Pipelit includes multiple layers of security for authentication, authorization, credential management, and agent identity verification.

Authentication

All API endpoints require Bearer token authentication:

Authorization: Bearer <api-key>

API keys are generated per user and stored hashed in the database. There is no session-based auth, no OAuth, and no basic auth.

No Default API Key

API keys are created during CLI setup or via the admin interface. There are no hardcoded or default keys.

Role-Based Access Control (RBAC)

Pipelit has two roles:

Role Description
admin Full access to all resources. Can manage users, assign roles, and access admin-only endpoints.
normal Standard access. Can create and manage workflows, credentials, and executions. Cannot manage other users.

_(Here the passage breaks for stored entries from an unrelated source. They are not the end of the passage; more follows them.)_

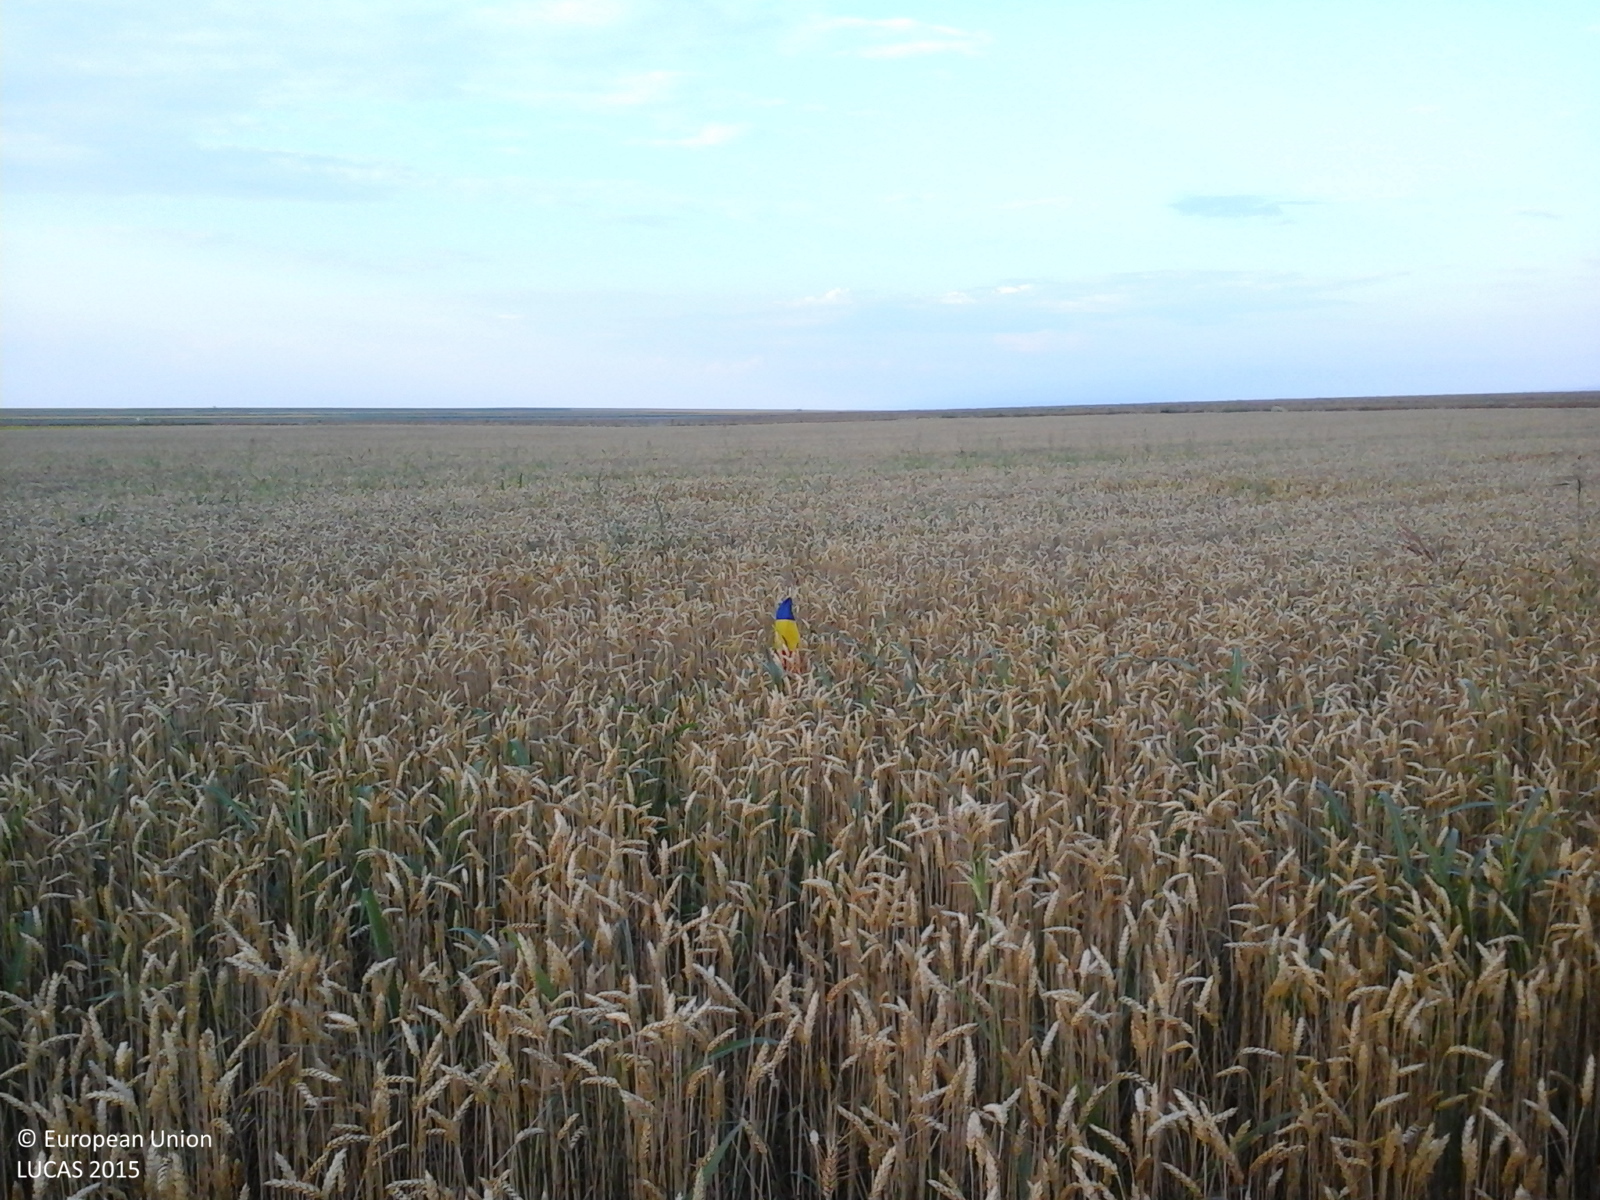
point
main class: Cropland
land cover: Common wheat
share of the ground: > 75 %
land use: Agriculture (excluding fallow land and kitchen gardens)
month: July
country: RO
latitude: 43.7578
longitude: 25.4219
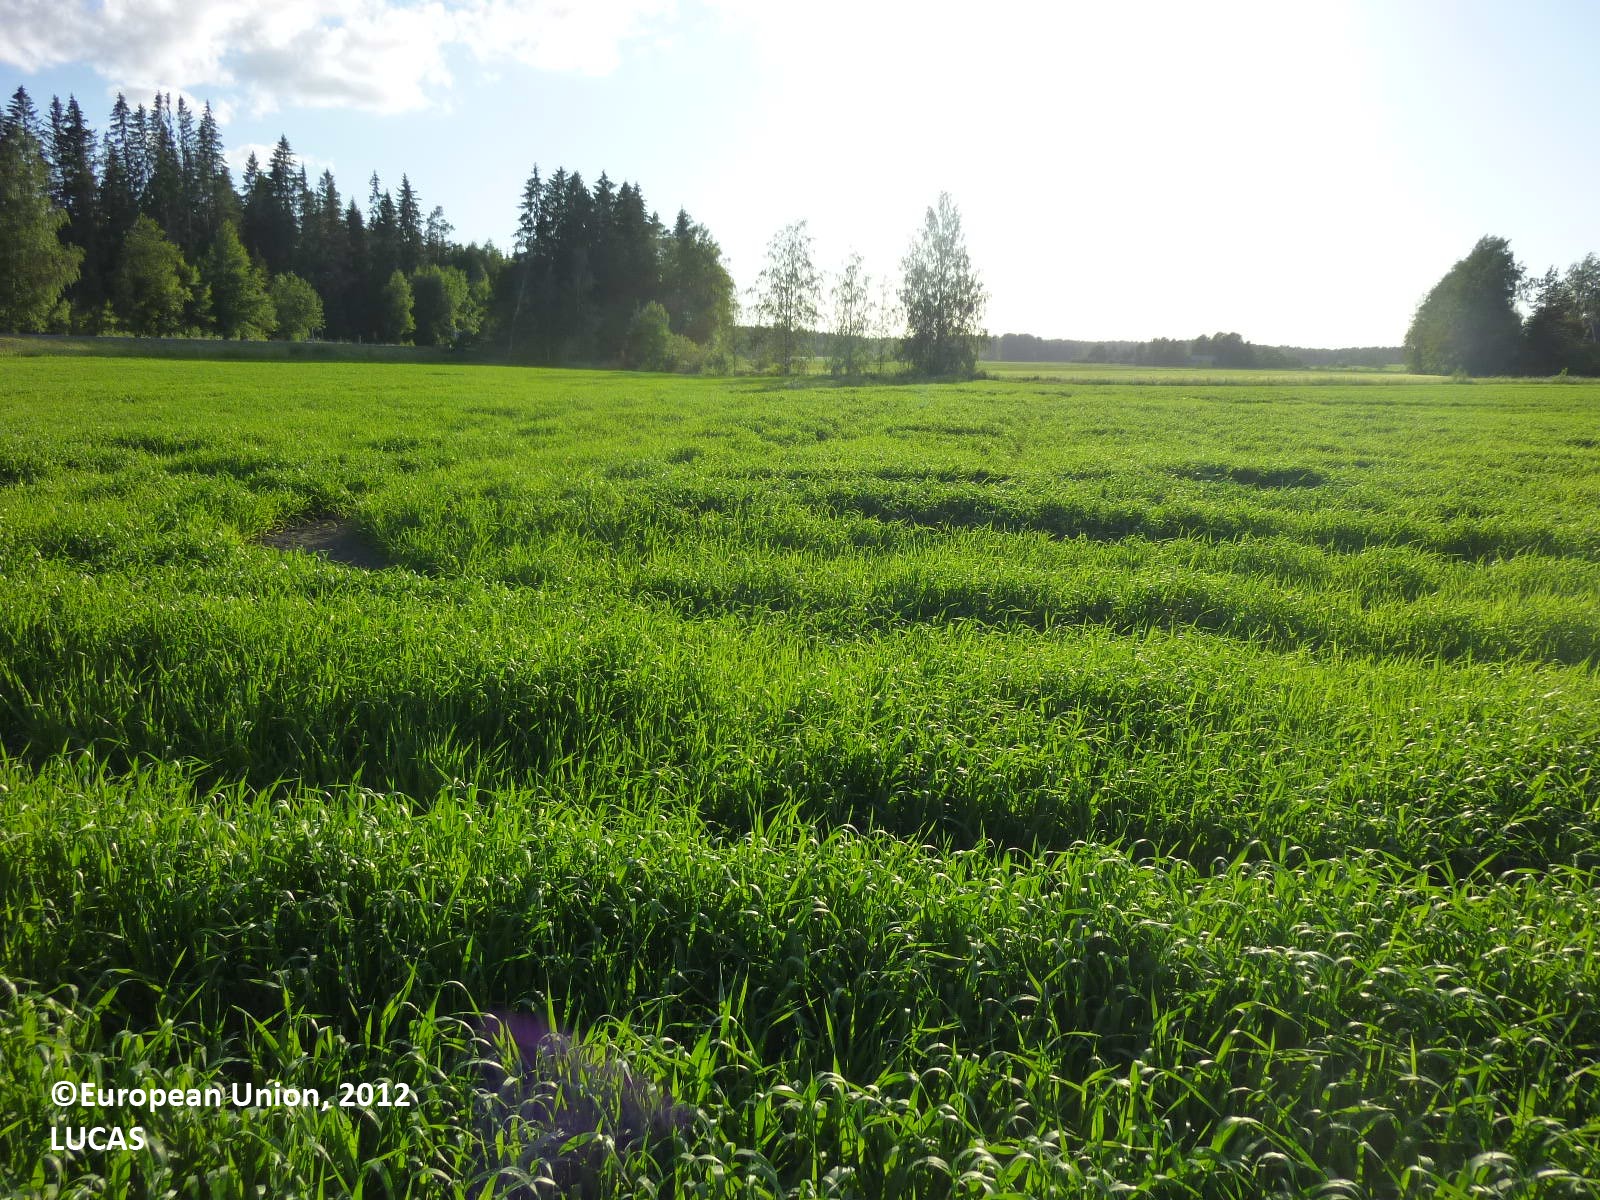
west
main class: Cropland
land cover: Barley
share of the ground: > 75 %
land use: Agriculture (excluding fallow land and kitchen gardens)
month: July
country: FI
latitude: 61.1920
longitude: 22.5113

The first user created via python -m cli setup is always assigned the admin role.

Admin-Only Operations

The following operations require the admin role:

  • Creating, updating, and deleting user accounts
  • Changing user roles
  • Managing API keys for other users

All other operations (workflows, credentials, executions, schedules, memory) are available to both roles.

Last-Admin Protection

Pipelit prevents you from demoting or deleting the last admin user. There must always be at least one admin account.

Multi-Key API System

Each user can have multiple API keys with different purposes:

Field Description
name Descriptive label (e.g., github-ci, dev-session)
prefix First 8 characters, shown in the UI for identification
expires_at Optional expiration timestamp
is_active Can be revoked without deletion
last_used_at Tracks when the key was last used

API keys are shown in full only at creation time. After that, only the prefix is visible.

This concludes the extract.